YOUR TASK: Every line in the material below that includes "RKOZ" should be copied.

━━━━

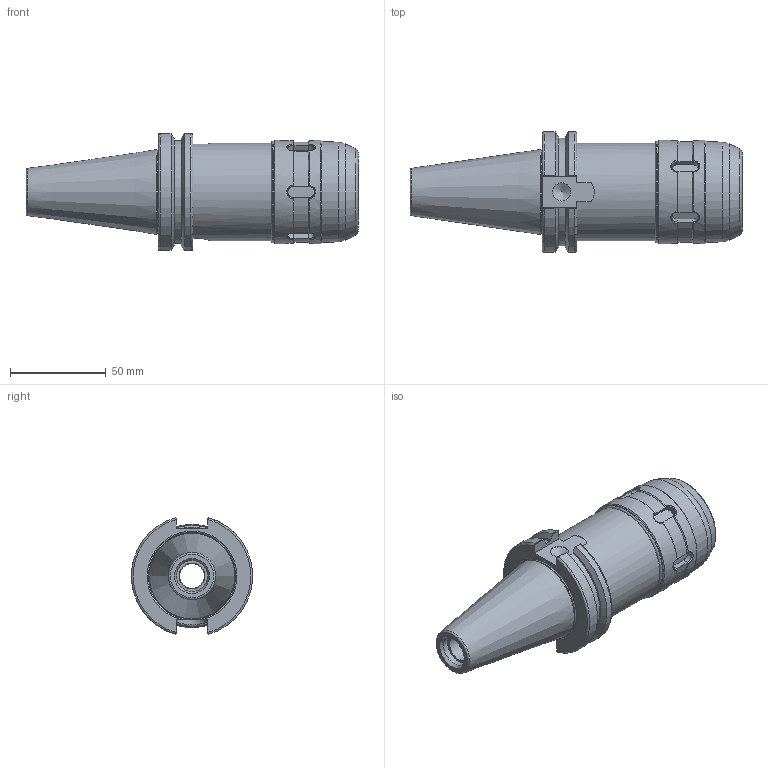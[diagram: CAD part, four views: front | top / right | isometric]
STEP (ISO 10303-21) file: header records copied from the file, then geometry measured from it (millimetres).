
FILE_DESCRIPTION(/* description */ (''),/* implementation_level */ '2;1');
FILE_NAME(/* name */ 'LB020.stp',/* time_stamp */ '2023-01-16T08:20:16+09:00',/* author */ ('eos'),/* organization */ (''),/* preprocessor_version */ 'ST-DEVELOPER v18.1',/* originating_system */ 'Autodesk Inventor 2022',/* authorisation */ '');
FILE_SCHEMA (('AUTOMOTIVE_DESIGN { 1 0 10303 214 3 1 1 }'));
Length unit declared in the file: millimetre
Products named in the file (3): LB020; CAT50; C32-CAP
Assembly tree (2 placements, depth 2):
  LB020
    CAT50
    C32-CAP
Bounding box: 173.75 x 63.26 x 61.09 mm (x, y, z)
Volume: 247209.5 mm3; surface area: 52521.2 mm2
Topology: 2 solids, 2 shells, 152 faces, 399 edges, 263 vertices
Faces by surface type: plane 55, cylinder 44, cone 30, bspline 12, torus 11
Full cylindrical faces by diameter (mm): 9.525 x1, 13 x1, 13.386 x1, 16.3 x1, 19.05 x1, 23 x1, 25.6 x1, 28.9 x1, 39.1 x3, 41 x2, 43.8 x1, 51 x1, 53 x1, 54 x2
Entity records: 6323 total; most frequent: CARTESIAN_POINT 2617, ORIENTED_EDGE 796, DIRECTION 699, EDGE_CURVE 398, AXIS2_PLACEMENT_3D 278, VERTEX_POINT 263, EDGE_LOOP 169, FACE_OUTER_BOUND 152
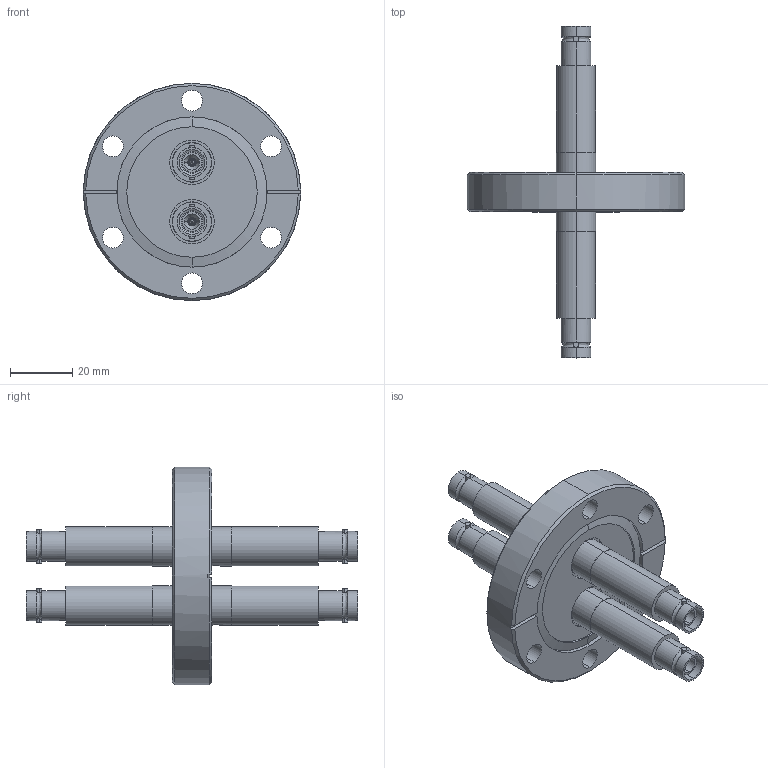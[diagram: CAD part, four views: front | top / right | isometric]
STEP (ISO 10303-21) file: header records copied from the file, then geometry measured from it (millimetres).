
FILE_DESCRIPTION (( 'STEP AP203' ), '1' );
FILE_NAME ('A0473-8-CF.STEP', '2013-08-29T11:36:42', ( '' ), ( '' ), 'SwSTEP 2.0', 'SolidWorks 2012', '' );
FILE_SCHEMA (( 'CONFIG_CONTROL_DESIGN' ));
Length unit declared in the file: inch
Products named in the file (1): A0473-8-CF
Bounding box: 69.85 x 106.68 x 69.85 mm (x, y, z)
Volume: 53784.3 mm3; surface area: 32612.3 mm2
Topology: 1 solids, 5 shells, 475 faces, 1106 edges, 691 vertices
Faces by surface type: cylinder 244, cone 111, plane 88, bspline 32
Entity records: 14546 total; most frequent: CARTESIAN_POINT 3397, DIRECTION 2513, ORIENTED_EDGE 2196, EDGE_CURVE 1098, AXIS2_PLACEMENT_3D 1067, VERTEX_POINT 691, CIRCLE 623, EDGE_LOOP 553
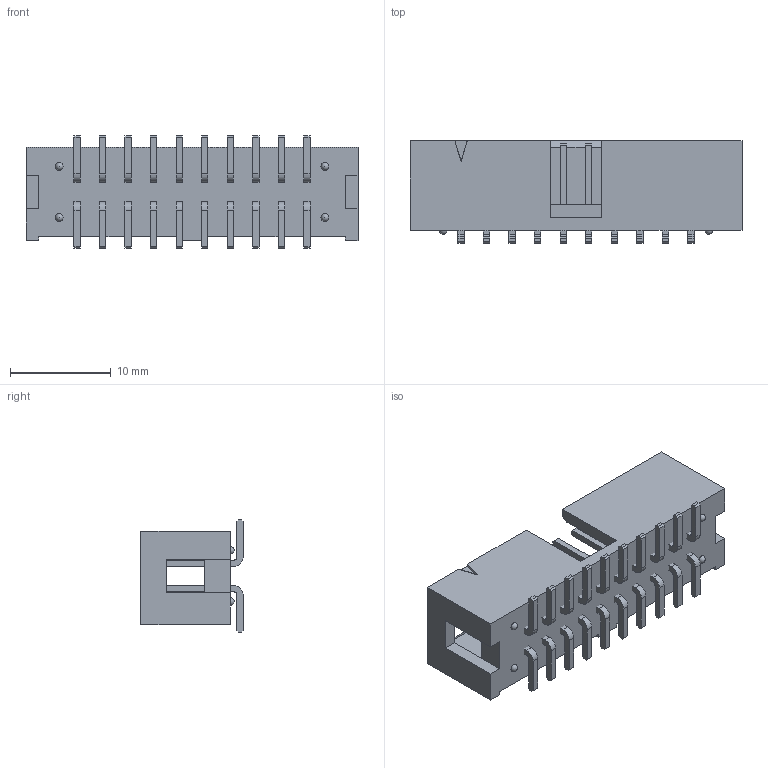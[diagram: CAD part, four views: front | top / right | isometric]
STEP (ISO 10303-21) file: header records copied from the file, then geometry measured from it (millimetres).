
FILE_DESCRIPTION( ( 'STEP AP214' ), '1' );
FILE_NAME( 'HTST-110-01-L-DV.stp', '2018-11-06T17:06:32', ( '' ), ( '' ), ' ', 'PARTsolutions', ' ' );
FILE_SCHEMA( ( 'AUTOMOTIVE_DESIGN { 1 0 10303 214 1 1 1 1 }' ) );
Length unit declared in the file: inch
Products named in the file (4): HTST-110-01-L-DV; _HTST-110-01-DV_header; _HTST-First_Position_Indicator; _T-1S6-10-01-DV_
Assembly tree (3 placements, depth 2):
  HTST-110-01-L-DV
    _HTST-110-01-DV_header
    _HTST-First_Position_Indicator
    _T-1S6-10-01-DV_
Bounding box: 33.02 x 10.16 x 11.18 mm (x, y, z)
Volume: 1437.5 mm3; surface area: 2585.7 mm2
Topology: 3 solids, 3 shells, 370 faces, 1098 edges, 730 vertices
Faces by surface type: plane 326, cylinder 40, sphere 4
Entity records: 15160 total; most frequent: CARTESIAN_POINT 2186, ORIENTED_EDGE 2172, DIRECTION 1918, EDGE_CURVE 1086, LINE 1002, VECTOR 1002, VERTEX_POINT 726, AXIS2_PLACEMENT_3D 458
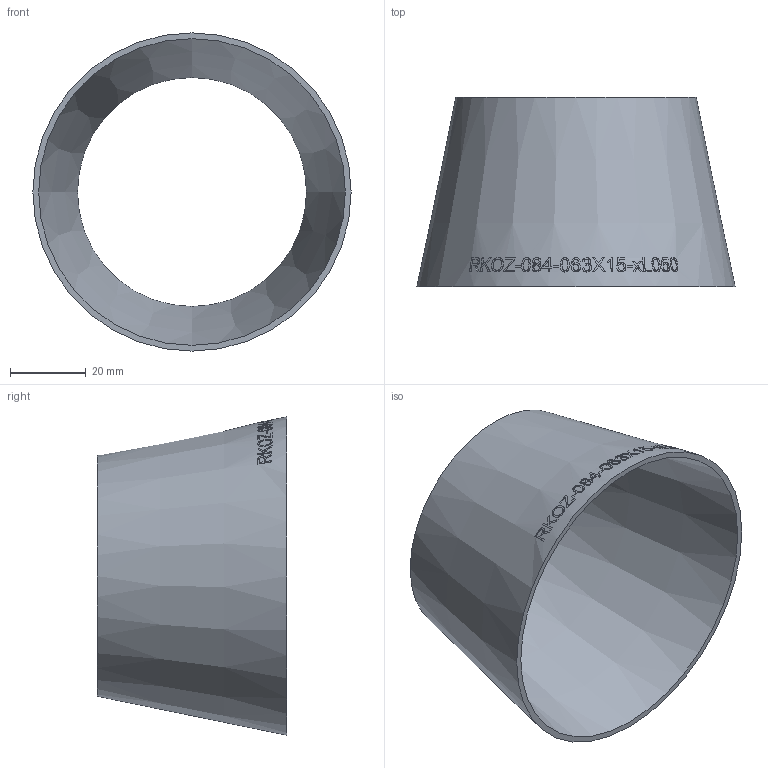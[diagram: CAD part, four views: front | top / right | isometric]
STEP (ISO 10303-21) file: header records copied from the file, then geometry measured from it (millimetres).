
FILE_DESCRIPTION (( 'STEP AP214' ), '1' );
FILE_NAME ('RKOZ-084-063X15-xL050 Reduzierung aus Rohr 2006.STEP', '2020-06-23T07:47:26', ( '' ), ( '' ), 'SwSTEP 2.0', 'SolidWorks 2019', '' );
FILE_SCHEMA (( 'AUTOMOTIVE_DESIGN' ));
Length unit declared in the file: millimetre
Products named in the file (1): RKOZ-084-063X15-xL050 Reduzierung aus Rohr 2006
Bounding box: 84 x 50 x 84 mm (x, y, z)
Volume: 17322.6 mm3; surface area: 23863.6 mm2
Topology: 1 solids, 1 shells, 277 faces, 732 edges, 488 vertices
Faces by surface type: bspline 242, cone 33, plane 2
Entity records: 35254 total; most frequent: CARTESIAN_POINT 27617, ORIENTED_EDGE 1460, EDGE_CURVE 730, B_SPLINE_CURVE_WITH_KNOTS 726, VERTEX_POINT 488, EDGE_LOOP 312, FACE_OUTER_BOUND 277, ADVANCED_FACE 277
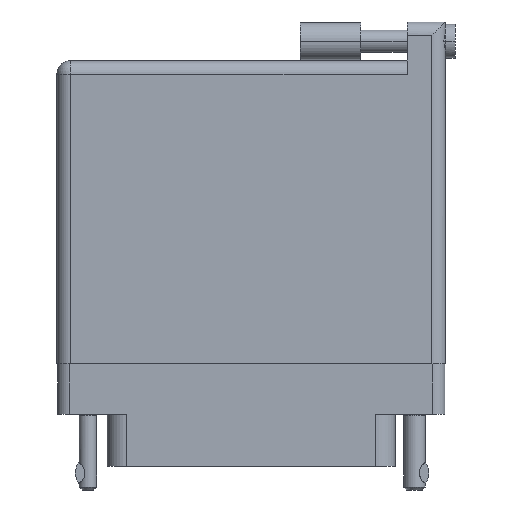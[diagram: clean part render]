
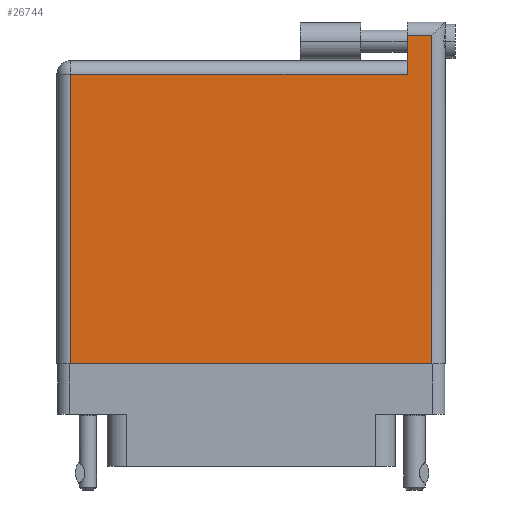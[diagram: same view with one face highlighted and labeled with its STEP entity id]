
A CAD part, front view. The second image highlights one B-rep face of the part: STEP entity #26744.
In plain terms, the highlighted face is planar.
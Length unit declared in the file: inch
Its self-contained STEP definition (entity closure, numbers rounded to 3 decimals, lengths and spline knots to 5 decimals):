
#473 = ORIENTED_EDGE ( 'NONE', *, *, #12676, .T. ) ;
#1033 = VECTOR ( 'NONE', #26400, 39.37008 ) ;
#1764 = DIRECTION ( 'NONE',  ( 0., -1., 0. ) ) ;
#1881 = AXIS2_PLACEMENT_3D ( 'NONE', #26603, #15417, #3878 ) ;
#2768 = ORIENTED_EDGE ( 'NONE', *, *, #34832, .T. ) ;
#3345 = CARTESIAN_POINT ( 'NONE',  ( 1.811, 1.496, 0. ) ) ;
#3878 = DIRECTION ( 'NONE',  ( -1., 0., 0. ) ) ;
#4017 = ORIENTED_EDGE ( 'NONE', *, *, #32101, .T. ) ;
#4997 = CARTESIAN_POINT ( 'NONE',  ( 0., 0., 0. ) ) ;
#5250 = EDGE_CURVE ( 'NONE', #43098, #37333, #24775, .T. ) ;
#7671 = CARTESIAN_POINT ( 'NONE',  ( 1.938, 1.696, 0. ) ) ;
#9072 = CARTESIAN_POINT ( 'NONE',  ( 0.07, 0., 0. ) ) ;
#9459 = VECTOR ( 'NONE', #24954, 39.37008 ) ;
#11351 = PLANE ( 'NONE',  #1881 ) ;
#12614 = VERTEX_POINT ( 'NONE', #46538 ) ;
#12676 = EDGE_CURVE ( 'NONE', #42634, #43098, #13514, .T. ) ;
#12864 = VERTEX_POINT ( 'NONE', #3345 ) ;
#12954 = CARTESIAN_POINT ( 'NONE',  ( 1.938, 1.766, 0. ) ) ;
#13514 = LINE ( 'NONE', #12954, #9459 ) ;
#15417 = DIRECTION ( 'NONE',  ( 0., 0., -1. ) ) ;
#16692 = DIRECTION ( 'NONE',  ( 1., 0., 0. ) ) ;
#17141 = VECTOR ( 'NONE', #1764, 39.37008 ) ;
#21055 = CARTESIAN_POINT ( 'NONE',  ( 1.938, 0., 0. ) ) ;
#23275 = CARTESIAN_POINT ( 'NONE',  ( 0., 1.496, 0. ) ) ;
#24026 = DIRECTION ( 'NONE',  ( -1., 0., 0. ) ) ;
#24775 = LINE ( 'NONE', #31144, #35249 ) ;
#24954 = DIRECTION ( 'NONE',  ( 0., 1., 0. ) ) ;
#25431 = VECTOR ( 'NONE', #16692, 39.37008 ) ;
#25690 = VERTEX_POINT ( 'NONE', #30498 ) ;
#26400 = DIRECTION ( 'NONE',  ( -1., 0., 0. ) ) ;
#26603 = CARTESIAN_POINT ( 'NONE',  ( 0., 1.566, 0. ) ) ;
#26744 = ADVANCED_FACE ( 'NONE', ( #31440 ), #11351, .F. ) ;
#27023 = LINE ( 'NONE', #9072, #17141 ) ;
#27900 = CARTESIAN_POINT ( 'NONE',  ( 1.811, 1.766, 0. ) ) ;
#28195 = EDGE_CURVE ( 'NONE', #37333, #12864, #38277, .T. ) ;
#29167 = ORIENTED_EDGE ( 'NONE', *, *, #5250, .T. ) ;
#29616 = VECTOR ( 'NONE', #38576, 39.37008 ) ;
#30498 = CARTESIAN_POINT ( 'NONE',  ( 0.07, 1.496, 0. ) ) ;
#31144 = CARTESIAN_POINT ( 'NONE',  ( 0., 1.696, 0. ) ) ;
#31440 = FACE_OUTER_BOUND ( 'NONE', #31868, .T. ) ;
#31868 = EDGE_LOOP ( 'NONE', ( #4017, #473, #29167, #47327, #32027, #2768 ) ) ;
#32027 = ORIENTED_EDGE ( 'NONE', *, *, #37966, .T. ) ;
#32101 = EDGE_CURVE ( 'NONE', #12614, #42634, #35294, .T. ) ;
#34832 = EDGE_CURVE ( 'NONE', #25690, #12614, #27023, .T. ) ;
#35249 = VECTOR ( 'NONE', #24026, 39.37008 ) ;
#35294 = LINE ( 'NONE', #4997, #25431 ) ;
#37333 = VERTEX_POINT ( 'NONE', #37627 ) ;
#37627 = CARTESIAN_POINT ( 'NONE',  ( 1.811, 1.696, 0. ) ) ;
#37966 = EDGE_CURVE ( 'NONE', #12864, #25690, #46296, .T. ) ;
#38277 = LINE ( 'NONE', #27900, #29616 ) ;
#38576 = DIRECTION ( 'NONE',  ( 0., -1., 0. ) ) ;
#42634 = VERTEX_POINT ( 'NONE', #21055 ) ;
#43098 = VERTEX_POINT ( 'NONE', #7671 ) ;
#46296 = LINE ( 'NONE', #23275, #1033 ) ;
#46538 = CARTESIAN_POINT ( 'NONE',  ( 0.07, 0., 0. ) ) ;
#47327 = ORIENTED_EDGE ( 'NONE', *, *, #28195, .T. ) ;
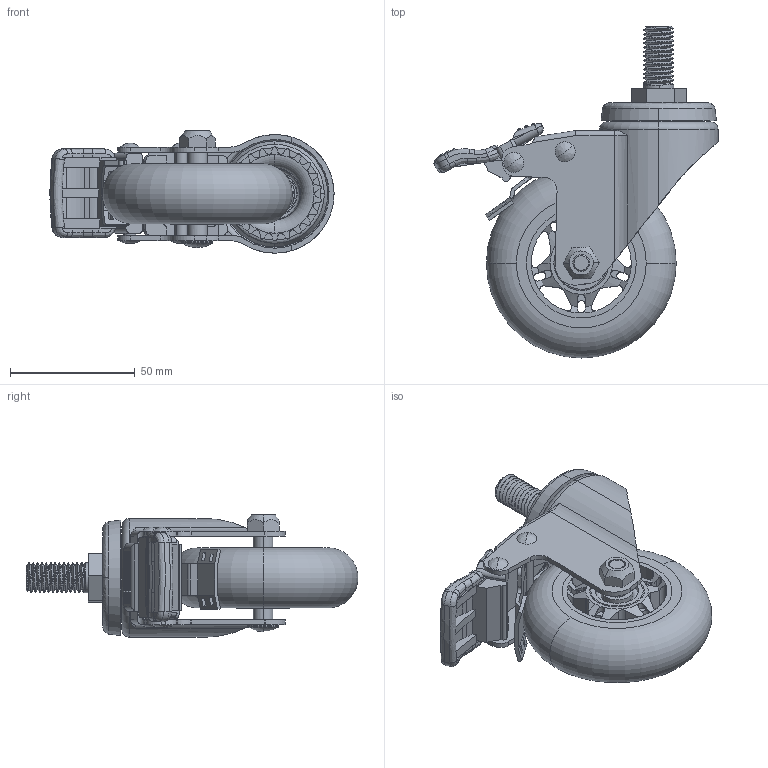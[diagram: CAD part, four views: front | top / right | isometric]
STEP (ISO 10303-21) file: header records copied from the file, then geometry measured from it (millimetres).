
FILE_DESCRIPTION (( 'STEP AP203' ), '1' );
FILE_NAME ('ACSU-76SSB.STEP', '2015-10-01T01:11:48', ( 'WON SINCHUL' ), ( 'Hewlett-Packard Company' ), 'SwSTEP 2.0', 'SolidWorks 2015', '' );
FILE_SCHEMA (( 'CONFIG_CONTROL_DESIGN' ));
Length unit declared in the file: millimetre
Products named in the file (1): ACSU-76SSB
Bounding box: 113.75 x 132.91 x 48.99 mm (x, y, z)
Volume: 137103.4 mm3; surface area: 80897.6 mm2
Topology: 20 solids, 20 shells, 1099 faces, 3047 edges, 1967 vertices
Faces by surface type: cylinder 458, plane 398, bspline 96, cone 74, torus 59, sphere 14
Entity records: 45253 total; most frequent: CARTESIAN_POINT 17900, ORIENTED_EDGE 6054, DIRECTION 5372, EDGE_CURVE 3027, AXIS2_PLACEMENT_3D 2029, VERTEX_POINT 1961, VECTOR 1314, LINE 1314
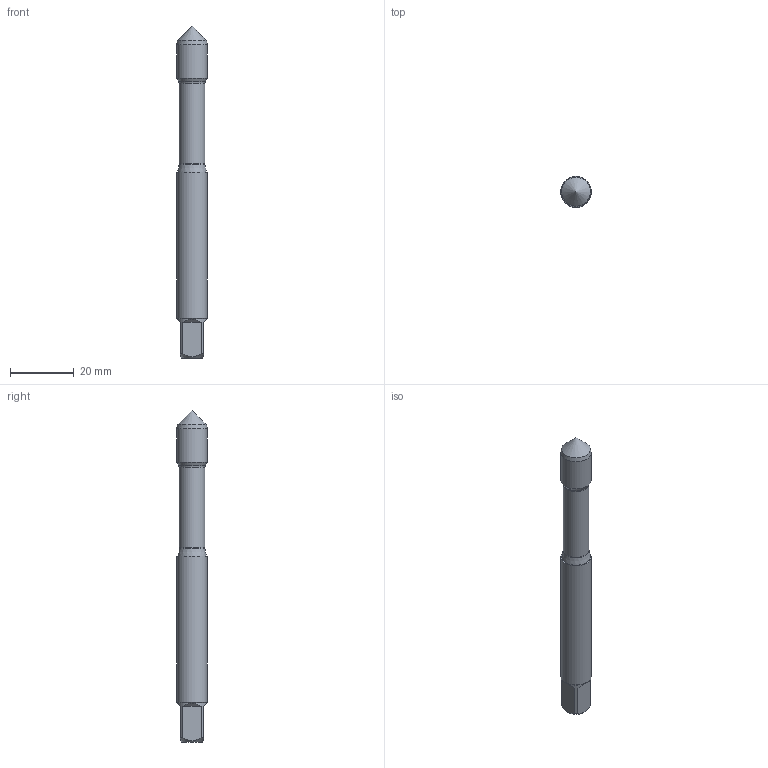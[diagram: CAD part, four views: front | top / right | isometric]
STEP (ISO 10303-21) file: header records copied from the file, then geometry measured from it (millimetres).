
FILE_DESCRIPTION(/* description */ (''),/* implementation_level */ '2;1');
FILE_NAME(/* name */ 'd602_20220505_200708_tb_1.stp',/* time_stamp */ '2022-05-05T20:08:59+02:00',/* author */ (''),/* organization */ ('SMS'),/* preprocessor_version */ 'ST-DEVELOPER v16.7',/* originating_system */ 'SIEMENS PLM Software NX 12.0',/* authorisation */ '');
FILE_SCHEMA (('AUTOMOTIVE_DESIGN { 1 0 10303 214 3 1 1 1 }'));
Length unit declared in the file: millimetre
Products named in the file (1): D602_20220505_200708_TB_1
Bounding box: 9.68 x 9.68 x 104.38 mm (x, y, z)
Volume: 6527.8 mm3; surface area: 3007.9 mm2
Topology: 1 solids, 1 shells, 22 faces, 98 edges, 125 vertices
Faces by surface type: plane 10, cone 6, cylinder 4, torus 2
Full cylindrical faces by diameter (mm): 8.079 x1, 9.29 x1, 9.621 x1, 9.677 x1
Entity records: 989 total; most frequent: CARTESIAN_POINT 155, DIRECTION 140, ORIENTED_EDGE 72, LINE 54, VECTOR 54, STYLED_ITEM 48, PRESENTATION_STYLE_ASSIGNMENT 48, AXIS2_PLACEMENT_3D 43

━━━━

SOLUTION TO THE EXERCISE:
FILE_NAME ('RKOZ-084-063X15-xL050 Reduzierung aus Rohr 2006.STEP', '2020-06-23T07:47:26', ( '' ), ( '' ), 'SwSTEP 2.0', 'SolidWorks 2019', '' );
Products named in the file (1): RKOZ-084-063X15-xL050 Reduzierung aus Rohr 2006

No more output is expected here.